Circuits & Devices

Friday Nov 16, 2018 at 2:00 p.m. Mario Dagenais, Professor in the Department of Electrical and Computer Engineering, University of Maryland, will be presenting “Photonics Integration for Applications in Astrophotonics and Quantum Information”. Day & Time: Friday November 16th, 2018 2:00 p.m. ‐ 3:00 p.m. Speaker: Mario Dagenais Professor in the Department of Electrical and Computer Engineering, University of Maryland Organizers: IEEE Toronto Circuits & Devices Chapter Location: Room SF1101 10 King’s College Rd, Toronto, ON M5S 3G4 Contact: Mengqi Wang Abstract: We will describe our work on optical integration on a chip, in particular how to realize a complex waveguide Bragg grating for rejecting several emission lines from the atmosphere for astronomical observation and how to implement an integrated spectrometer based on Arrayed Waveguide Gratings (AWGs) or on echelle gratings. We will also present our work for creating an on-chip ultra-high rejection filter (> 100 dB) for applications in quantum information. Biography: Professor Dagenais’ research interests are in photonics integration, high efficiency photovoltaic conversion, and nitride optoelectronics.

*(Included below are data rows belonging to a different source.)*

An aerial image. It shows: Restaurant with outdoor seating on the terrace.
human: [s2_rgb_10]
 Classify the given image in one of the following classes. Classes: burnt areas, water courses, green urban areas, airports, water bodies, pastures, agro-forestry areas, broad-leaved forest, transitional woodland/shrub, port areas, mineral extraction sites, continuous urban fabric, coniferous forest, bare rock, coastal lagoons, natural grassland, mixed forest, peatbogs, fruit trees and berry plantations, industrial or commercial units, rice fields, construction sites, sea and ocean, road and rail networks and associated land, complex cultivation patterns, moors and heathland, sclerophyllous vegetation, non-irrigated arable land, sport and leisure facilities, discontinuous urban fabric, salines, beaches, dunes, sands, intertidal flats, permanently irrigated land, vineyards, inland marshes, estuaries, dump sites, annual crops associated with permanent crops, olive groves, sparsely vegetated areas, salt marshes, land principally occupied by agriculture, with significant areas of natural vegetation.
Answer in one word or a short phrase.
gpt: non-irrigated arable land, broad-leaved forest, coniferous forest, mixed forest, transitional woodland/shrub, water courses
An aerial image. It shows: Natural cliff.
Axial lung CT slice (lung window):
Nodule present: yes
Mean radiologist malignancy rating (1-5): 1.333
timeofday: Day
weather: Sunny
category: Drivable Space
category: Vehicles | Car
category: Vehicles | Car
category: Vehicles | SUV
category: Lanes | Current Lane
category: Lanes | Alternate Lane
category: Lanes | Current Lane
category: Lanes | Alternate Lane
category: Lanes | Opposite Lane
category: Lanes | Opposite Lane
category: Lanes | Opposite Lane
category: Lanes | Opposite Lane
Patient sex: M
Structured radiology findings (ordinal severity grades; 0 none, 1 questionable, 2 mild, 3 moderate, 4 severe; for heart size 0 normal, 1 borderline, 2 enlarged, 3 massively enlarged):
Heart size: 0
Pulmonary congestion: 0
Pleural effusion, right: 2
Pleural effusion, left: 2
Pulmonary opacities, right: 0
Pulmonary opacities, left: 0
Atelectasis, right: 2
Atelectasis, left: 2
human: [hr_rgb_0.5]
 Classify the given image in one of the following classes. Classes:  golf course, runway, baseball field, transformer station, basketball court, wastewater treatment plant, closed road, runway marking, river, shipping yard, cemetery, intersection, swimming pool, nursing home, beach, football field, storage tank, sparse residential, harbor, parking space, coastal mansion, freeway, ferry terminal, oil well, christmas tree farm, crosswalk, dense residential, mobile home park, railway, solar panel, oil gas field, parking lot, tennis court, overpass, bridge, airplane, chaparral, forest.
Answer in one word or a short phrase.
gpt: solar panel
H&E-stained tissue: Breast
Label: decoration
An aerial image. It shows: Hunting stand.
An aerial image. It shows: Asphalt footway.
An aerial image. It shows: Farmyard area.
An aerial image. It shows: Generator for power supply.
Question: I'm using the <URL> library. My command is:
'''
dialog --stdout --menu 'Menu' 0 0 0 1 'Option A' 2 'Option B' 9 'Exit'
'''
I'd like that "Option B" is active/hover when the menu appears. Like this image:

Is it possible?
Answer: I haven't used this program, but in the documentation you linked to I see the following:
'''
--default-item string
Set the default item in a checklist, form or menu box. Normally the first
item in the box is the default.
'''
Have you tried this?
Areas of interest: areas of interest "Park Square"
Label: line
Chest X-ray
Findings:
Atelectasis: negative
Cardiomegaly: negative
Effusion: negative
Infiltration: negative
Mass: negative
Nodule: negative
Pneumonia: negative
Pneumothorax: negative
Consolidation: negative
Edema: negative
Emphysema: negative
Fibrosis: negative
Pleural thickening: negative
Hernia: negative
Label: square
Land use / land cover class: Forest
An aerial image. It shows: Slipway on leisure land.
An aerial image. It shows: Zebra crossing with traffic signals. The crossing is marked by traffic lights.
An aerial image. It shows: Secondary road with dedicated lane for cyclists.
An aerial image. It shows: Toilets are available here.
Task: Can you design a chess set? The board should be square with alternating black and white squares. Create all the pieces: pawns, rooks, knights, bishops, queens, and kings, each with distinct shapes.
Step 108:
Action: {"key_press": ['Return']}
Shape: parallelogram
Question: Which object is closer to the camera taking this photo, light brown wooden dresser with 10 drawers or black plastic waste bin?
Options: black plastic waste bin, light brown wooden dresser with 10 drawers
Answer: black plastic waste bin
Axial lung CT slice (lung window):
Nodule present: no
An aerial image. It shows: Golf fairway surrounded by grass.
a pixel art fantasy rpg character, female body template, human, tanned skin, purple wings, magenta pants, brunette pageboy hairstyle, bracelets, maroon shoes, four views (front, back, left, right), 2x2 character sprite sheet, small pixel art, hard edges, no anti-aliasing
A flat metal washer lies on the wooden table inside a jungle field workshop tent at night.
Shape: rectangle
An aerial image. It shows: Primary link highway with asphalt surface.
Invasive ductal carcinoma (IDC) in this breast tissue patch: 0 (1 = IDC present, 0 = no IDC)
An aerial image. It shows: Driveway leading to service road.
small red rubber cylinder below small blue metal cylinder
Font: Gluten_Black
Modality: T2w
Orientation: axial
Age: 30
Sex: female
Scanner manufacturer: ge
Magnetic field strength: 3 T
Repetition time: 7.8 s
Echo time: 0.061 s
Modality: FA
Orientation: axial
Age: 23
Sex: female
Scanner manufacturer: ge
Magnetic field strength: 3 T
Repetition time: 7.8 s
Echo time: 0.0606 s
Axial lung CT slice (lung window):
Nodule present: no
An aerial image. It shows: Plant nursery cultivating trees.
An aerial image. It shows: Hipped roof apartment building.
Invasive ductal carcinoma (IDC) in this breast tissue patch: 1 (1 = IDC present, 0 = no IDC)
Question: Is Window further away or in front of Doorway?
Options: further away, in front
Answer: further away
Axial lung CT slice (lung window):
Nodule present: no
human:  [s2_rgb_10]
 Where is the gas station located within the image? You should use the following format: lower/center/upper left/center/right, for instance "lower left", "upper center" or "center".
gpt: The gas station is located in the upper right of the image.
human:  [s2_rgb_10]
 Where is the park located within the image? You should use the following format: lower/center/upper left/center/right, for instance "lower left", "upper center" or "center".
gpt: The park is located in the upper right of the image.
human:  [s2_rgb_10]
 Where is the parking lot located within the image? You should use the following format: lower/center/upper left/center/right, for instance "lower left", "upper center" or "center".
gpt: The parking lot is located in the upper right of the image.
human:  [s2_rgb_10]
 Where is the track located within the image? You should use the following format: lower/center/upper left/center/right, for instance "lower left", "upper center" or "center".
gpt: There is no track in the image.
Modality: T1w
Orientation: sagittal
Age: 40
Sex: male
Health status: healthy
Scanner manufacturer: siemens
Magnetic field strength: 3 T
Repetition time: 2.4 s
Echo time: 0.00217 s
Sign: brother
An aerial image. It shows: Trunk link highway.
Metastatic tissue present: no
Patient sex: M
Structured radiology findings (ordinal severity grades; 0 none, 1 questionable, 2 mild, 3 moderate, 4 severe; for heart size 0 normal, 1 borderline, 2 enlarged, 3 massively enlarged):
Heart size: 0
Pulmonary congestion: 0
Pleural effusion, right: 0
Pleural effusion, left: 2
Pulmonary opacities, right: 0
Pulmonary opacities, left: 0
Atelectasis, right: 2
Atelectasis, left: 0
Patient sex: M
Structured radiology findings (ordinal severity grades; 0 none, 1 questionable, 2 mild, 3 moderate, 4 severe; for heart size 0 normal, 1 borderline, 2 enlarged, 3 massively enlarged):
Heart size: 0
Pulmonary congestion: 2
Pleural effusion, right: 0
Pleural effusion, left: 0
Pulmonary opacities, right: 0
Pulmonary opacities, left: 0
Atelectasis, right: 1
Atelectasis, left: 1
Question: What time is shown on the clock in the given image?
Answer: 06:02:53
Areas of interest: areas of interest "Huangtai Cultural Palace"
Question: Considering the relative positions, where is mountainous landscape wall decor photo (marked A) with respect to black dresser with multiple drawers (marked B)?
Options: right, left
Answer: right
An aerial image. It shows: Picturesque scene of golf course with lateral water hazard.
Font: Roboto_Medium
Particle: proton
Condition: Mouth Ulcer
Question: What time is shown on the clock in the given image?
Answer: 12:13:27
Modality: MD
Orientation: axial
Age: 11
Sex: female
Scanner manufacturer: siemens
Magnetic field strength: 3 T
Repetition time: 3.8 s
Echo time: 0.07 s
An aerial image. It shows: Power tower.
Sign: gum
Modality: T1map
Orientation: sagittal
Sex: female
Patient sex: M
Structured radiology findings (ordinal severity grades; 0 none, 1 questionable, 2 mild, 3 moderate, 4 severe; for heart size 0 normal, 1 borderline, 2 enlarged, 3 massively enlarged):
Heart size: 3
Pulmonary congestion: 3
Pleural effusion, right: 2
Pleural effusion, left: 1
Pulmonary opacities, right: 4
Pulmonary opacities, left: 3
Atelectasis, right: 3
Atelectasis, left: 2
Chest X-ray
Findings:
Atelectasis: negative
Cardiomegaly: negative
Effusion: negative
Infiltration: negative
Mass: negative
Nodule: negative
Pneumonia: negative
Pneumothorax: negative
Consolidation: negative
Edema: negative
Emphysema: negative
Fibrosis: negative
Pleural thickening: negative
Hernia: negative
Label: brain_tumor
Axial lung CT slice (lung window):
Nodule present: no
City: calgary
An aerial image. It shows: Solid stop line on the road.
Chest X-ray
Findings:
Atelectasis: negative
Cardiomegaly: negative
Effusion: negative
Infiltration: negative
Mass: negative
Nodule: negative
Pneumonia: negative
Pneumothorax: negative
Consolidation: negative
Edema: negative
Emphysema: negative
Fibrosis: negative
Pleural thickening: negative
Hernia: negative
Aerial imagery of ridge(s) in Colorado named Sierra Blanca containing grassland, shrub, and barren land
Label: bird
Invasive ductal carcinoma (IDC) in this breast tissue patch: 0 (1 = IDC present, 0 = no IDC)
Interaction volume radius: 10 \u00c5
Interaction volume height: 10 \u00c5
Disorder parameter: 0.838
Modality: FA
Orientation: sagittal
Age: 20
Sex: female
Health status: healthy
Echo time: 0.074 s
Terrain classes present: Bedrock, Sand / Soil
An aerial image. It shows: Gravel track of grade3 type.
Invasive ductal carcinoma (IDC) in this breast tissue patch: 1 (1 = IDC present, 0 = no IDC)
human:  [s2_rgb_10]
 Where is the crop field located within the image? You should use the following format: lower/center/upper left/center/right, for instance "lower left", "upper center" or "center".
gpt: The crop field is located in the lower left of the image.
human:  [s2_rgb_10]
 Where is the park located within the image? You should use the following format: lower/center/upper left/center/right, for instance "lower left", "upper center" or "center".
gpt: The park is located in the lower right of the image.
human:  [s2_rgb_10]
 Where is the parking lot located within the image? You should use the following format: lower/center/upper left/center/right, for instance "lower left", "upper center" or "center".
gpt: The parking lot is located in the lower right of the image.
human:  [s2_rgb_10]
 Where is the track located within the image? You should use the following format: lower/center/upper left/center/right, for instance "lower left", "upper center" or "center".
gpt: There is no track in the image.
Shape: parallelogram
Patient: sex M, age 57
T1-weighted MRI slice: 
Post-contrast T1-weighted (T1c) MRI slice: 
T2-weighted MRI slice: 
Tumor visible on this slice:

Professor Dagenais received his Ph.D. from the University of Rochester in 1978 working in Quantum Optics and photon correlations under the direction of Professor Mandel. Together with Jeff Kimble, he made the first observation of photon antibunching. He was a Research Fellow at Harvard University from 1978 to 1980, where he worked in nonlinear optics with Professor Bloembergen. From 1980 to 1987, he worked at GTE Laboratories on photonic switching and semiconductor lasers. He joined the University of Maryland in 1987 where he has been Professor of Electrical and Computer Engineering since 1991. He has more than 300 archival and conference publications. He has co-chaired several national and international meetings. Professor Dagenais is a Fellow of the Optical Society of America, a Fellow of IEEE, and a Fellow of the Electromagnetic Society.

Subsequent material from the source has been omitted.